Task goal
Please tally the lines of the listing that hold the string "circle", and reply with that total only.

Task input
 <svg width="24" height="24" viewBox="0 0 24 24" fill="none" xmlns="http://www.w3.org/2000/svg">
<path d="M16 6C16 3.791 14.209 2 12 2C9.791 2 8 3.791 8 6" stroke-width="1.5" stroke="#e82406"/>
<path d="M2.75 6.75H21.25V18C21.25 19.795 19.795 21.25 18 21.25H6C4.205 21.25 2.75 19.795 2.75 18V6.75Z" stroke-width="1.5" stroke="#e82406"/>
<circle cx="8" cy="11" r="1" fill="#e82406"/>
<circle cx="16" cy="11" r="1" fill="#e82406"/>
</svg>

---

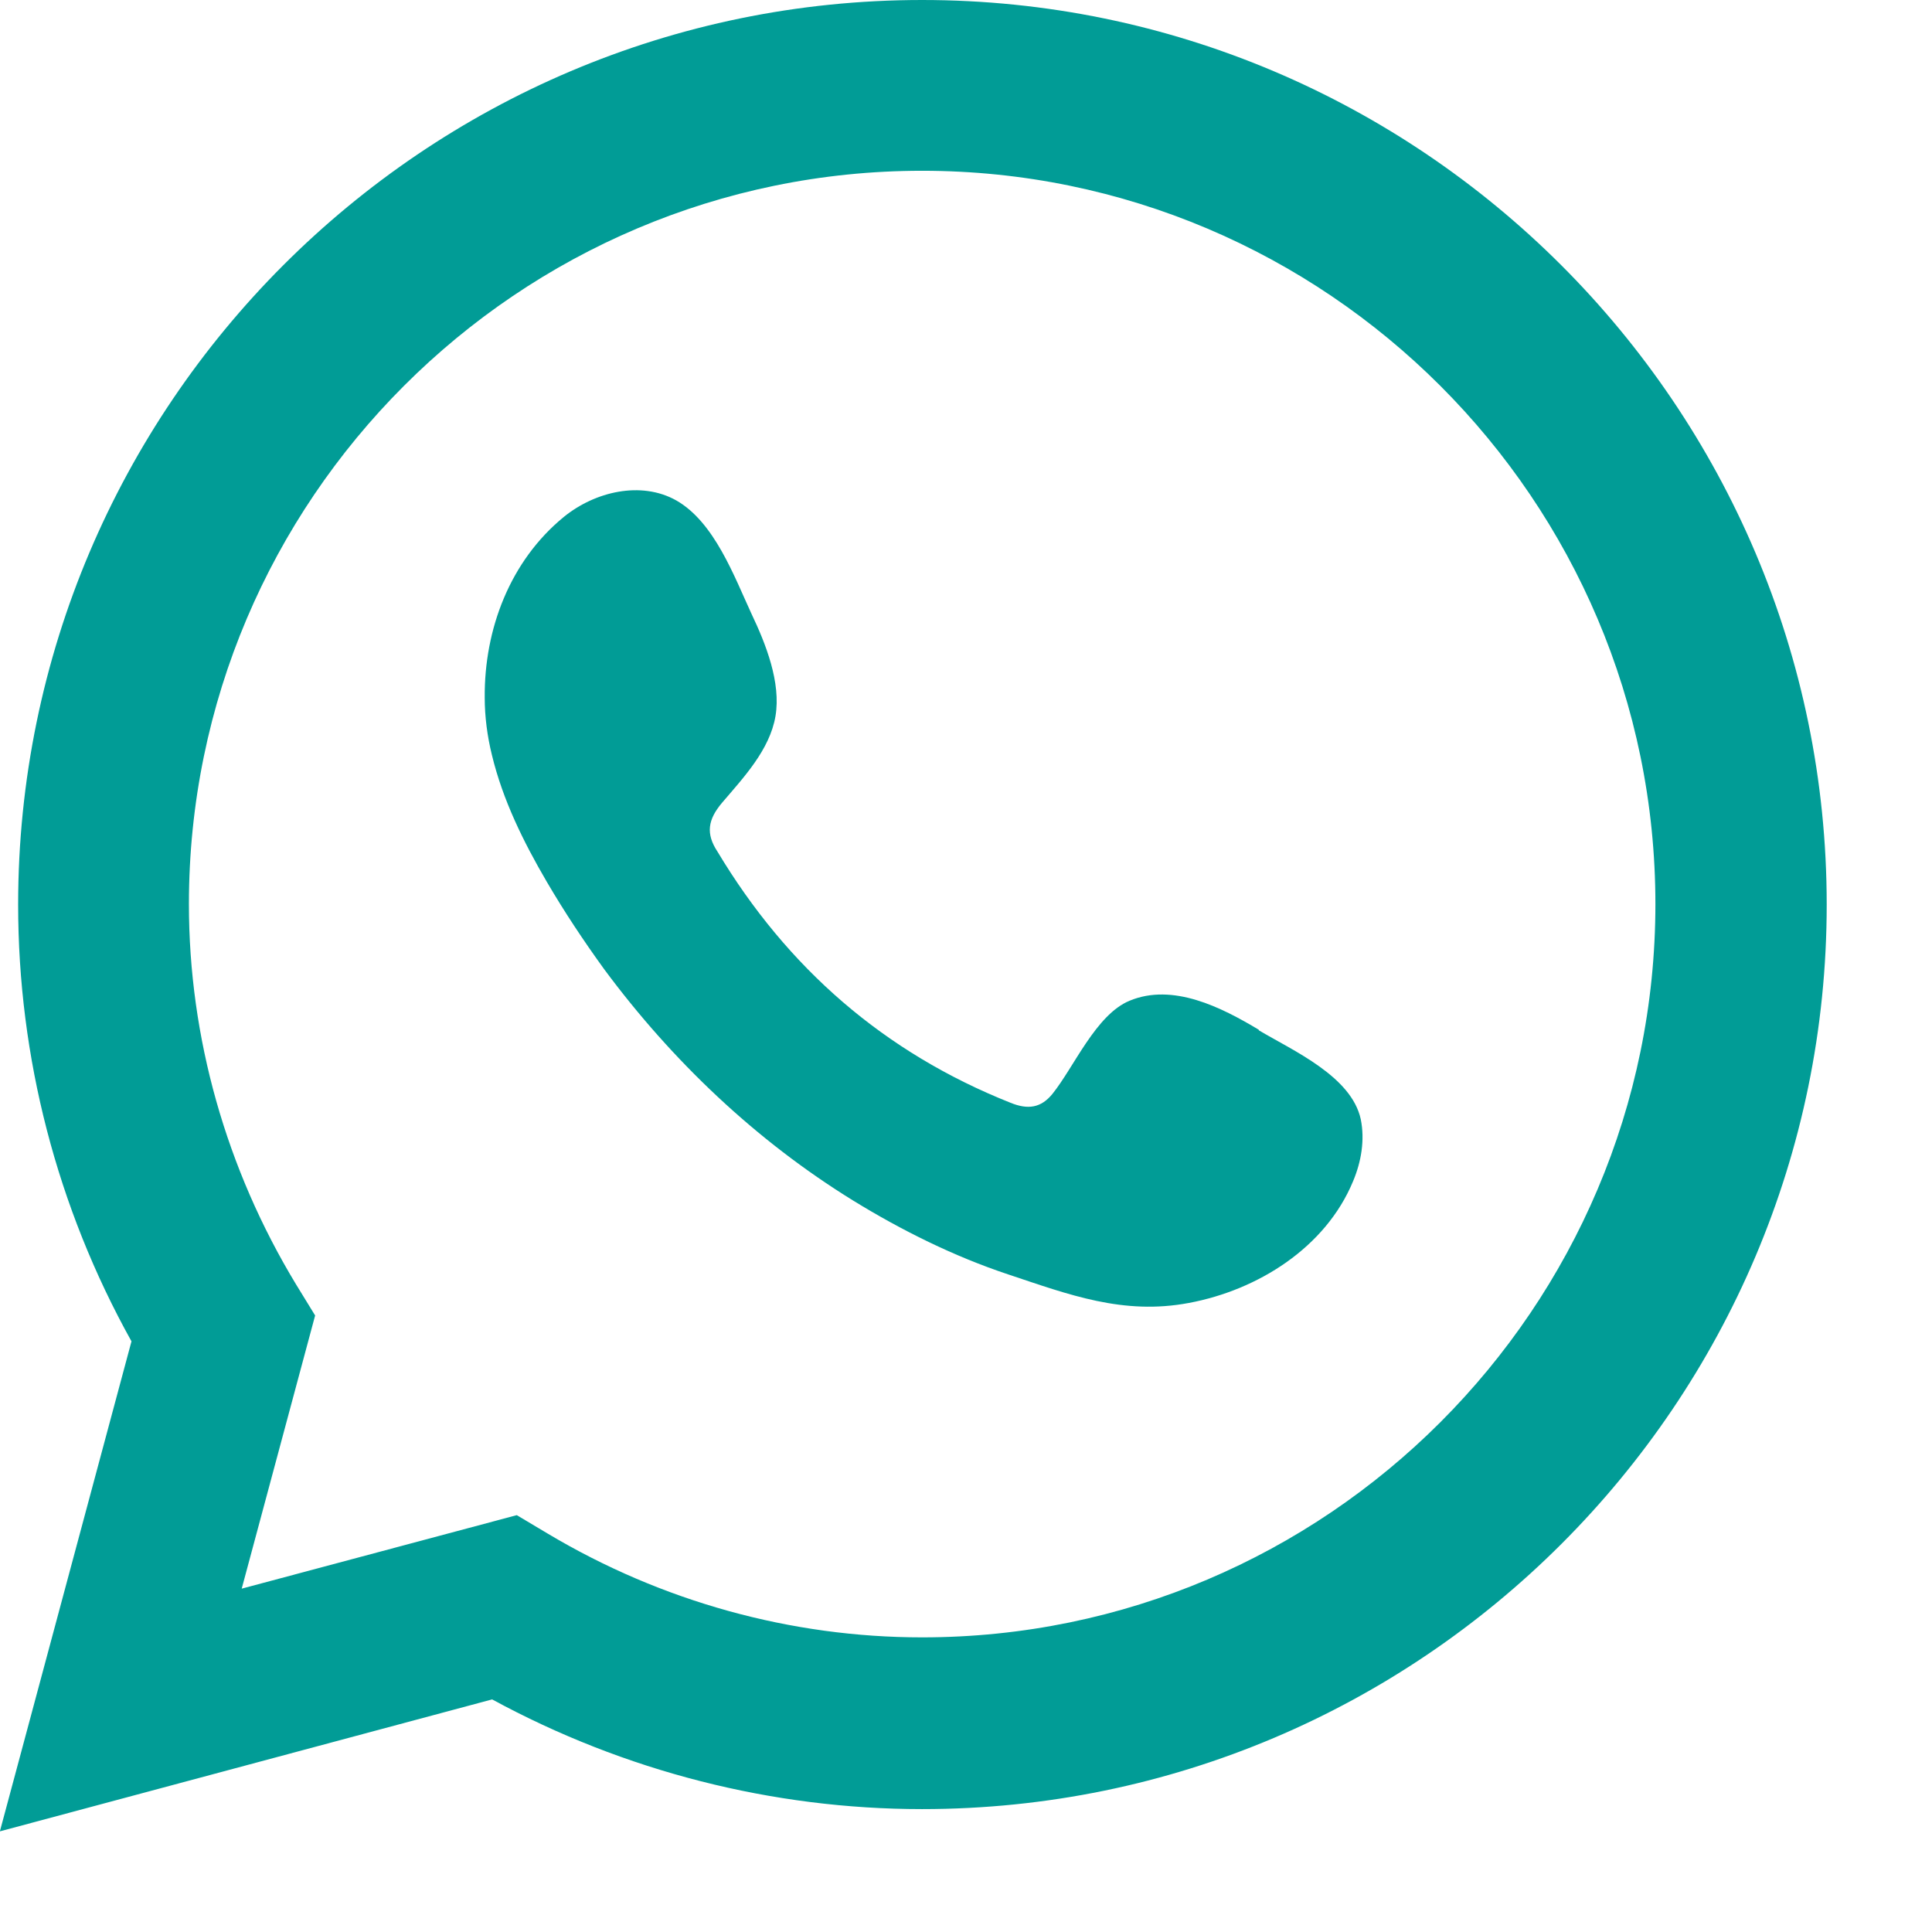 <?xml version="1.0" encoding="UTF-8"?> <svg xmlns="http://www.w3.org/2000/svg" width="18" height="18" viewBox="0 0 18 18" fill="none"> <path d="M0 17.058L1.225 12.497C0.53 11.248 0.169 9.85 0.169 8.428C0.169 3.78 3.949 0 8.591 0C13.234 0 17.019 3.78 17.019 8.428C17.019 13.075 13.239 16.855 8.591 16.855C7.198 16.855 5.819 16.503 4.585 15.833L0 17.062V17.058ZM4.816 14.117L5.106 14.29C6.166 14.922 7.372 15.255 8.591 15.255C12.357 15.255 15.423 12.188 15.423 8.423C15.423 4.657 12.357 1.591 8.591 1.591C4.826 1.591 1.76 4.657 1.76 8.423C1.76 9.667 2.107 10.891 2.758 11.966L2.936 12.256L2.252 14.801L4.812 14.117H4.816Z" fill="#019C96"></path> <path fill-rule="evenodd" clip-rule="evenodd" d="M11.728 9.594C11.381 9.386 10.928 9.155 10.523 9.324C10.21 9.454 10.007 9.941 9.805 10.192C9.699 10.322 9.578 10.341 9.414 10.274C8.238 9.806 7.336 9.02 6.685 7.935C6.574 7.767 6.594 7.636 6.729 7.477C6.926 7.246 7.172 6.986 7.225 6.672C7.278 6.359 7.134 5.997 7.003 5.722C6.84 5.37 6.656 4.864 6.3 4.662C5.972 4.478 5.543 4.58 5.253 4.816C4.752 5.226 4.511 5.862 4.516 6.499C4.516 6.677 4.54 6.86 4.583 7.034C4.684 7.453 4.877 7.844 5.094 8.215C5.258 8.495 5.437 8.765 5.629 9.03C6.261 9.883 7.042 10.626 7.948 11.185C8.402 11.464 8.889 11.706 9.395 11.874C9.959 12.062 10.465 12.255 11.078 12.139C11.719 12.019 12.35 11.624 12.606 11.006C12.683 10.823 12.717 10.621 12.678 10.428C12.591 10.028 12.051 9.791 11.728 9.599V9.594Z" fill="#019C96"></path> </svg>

Response to the task
2